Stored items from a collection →
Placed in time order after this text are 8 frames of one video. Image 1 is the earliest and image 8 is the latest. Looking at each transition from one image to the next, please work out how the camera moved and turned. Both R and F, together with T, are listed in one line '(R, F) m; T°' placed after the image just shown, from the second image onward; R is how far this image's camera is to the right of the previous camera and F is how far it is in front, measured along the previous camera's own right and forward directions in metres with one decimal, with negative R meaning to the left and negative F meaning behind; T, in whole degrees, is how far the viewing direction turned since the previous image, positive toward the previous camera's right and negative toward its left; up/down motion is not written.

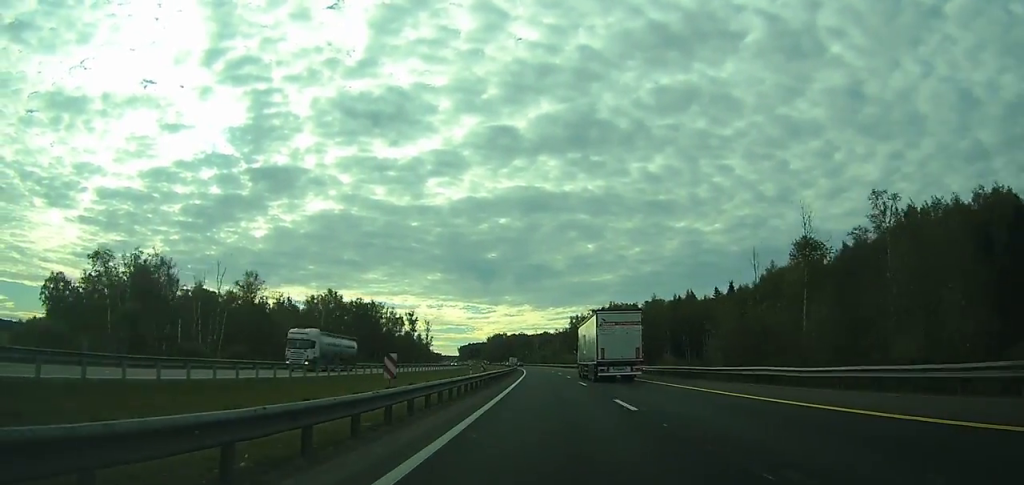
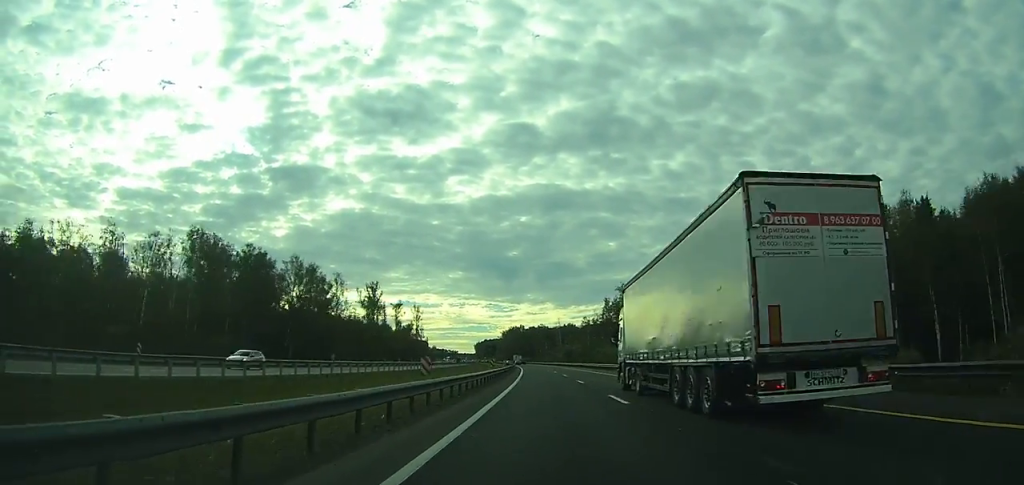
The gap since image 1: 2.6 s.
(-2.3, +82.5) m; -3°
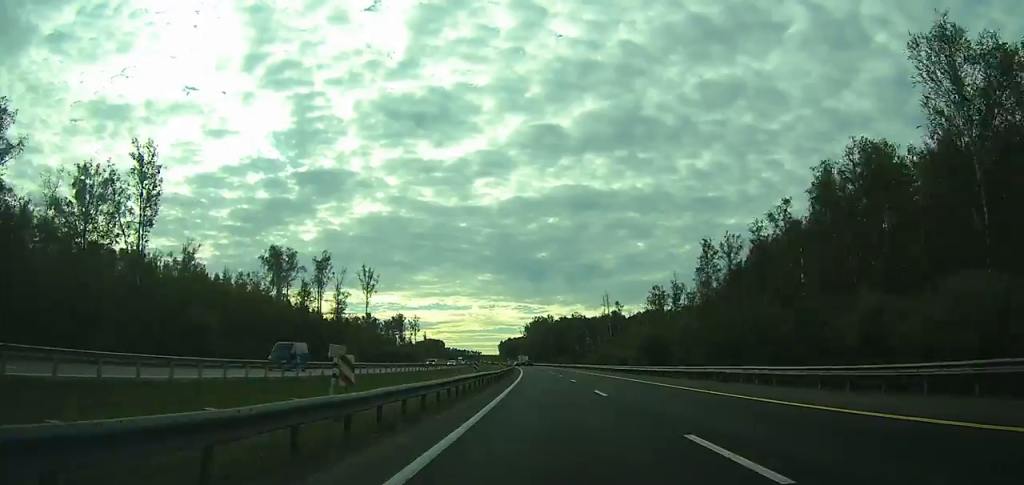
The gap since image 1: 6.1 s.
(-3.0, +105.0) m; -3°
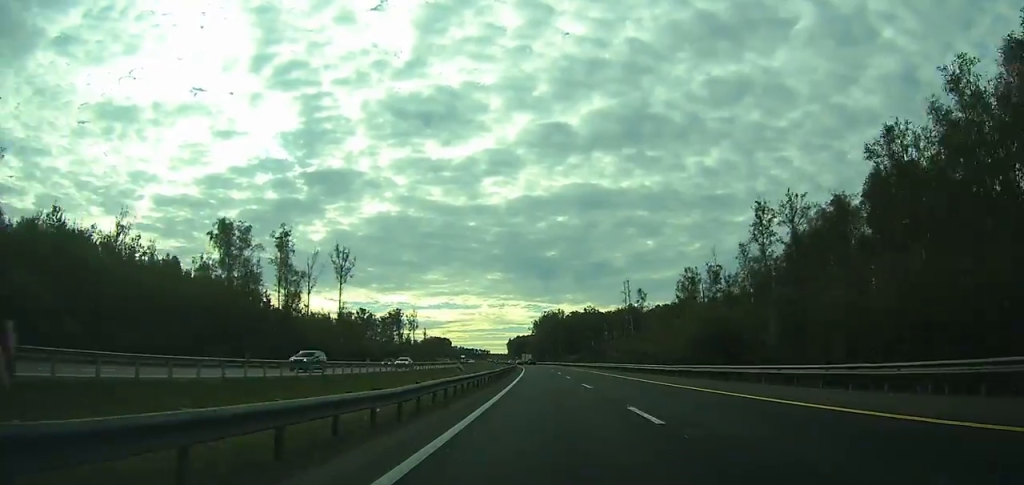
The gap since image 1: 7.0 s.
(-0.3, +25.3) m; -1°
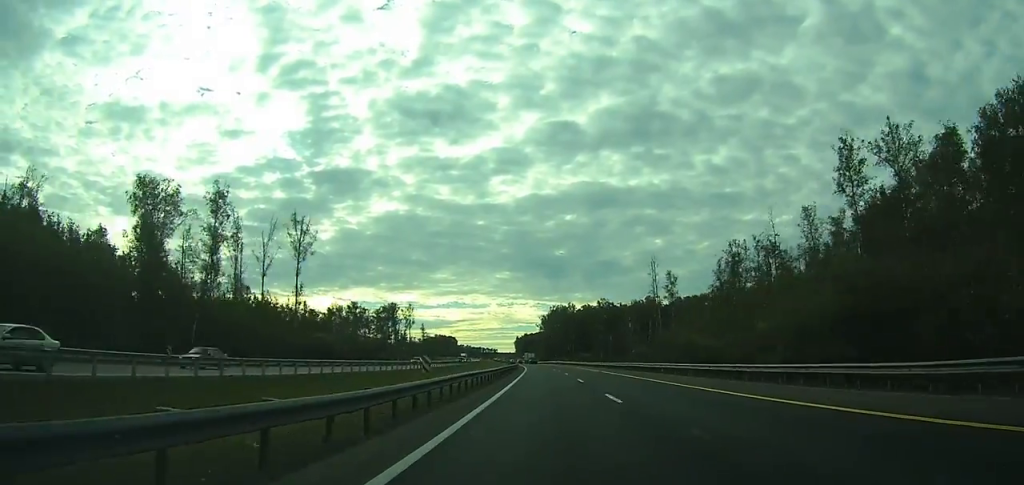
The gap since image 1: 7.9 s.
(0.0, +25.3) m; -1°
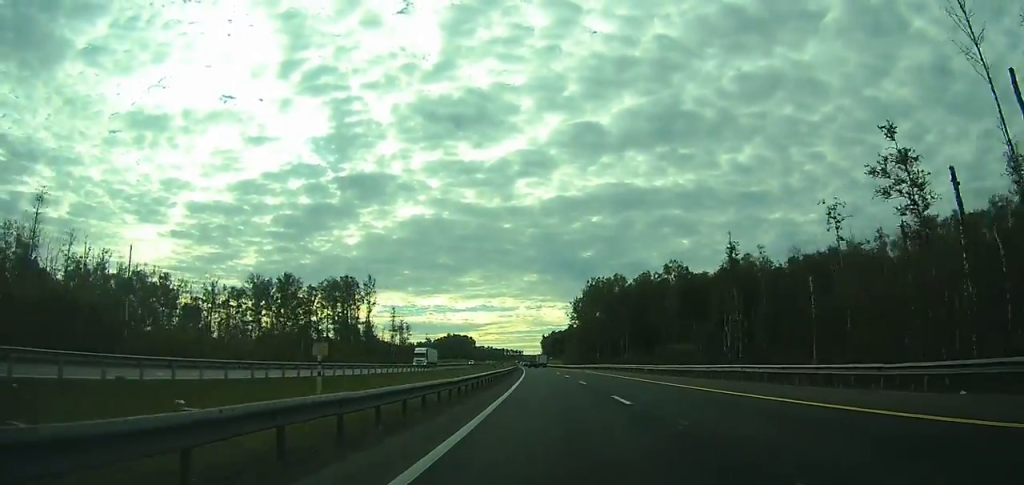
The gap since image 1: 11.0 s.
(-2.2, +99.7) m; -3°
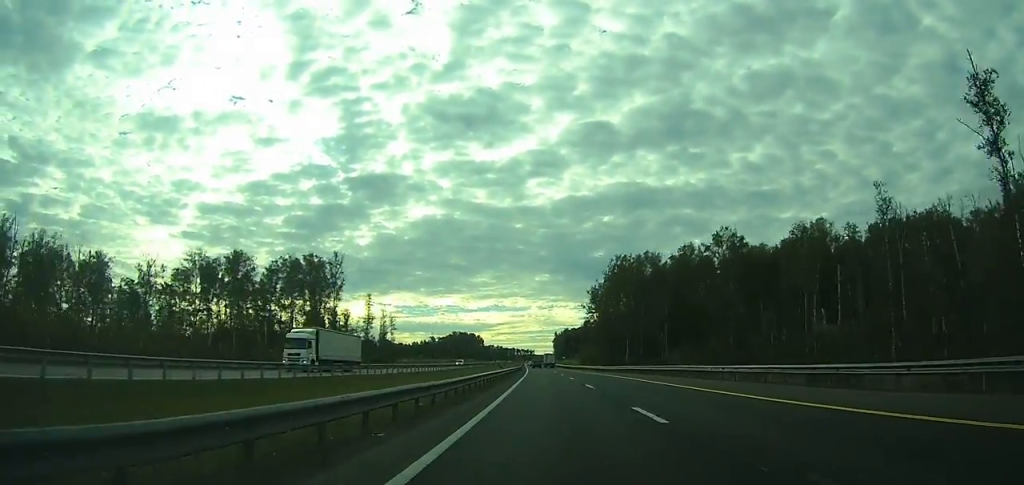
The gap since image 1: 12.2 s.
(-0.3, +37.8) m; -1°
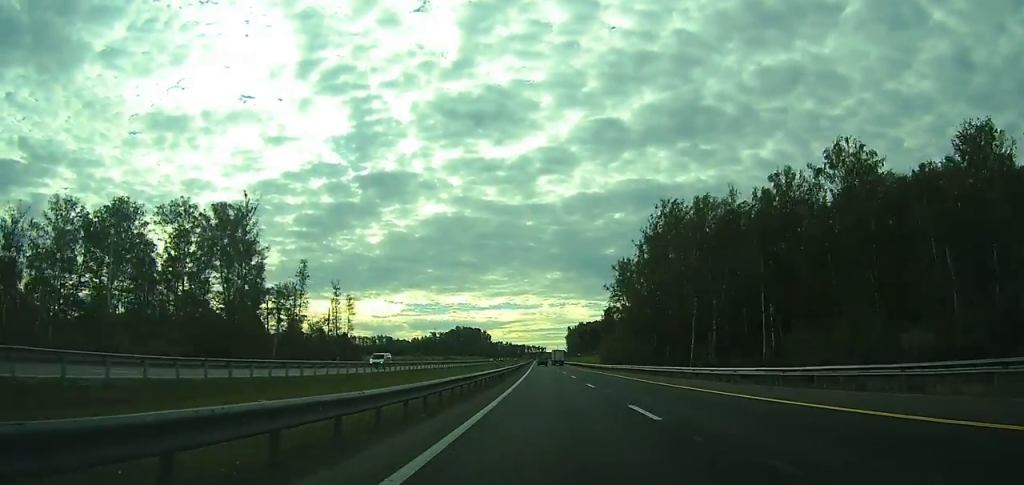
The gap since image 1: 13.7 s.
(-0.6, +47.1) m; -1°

Try it →
Exactly reproduce the entries above, minus the pictures.

Solution →
Placed in time order after this text are 8 frames of one video. Image 1 is the earliest and image 8 is the latest. Looking at each transition from one image to the next, please work out how the camera moved and turned. Both R and F, together with T, are listed in one line '(R, F) m; T°' placed after the image just shown, from the second image onward; R is how far this image's camera is to the right of the previous camera and F is how far it is in front, measured along the previous camera's own right and forward directions in metres with one decimal, with negative R meaning to the left and negative F meaning behind; T, in whole degrees, is how far the viewing direction turned since the previous image, positive toward the previous camera's right and negative toward its left; up/down motion is not written.

The gap since image 1: 2.6 s.
(-2.3, +82.5) m; -3°
The gap since image 1: 6.1 s.
(-3.0, +105.0) m; -3°
The gap since image 1: 7.0 s.
(-0.3, +25.3) m; -1°
The gap since image 1: 7.9 s.
(0.0, +25.3) m; -1°
The gap since image 1: 11.0 s.
(-2.2, +99.7) m; -3°
The gap since image 1: 12.2 s.
(-0.3, +37.8) m; -1°
The gap since image 1: 13.7 s.
(-0.6, +47.1) m; -1°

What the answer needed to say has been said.